Objective
Differences in cognition and brain structure have been found in youth with type 1 diabetes compared to controls, even after relatively short disease duration. To determine whether severity of clinical presentation contributes to these differences, we obtained structural MRI scans in youth ages 7–17 who were either newly diagnosed with type 1 diabetes (<3.5 months from diagnosis, n=46) or a sibling without diabetes (n=28).

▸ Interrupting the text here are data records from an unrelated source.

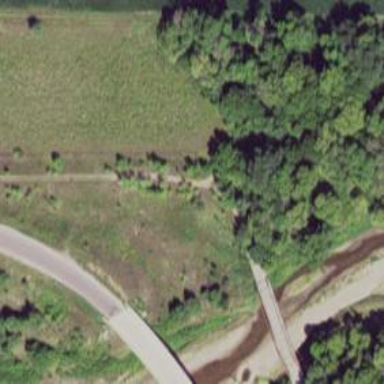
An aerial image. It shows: Track road on bridge.
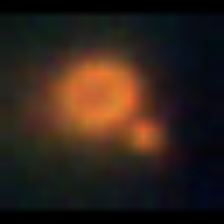
Taxon: NanoPlankton
Group: Other
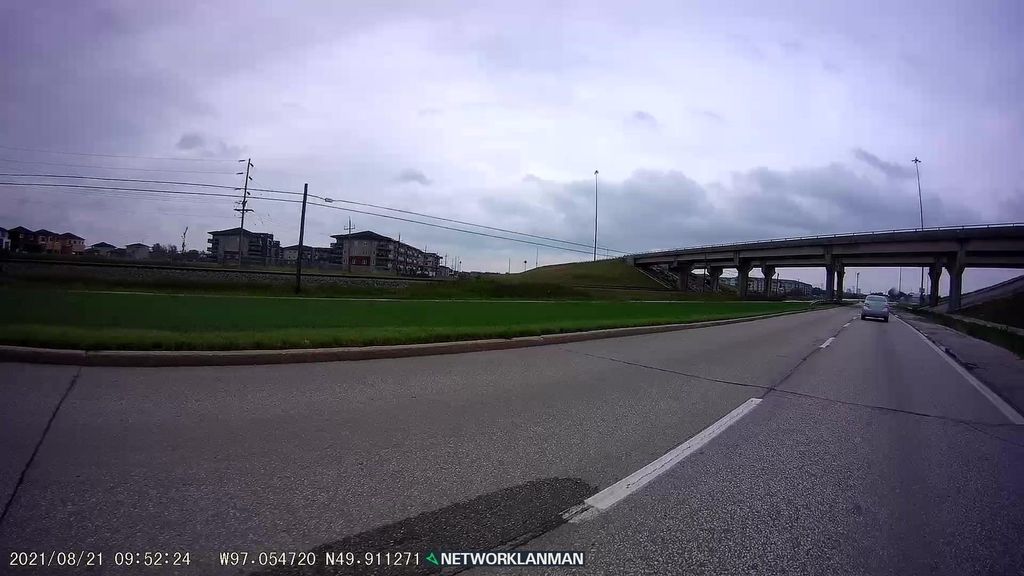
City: winnipeg
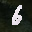
Label: 6

Research Design and Methods
Severity of presentation was measured by the presence of diabetic ketoacidosis (DKA) and degree of hyperglycemia exposure (hemoglobin A1c (HbA1c)) at diagnosis. Magnetic resonance images were obtained using T1-weighted, T2-weighted, and Diffusion Weighted sequences.
Results
Within the group with type 1 diabetes, 12 subjects presented in DKA, and 34 did not. After controlling for age, sex and multiple comparisons, the type 1 diabetes group had lower volume in the left temporal-parietal-occipital cortex compared to controls. Within the type 1 diabetes group, DKA at presentation was associated with lower radial, axial and mean diffusivity throughout major white matter tracts and higher HbA1c was associated with lower hippocampal, thalamic, and cerebellar white matter volumes, lower right posterior parietal cortical thickness and greater right occipital cortical thickness.
Conclusion
These data suggest that severity of clinical presentation is an important factor in predicting brain structural differences in youth with type 1 diabetes approximately 3 months after diagnosis.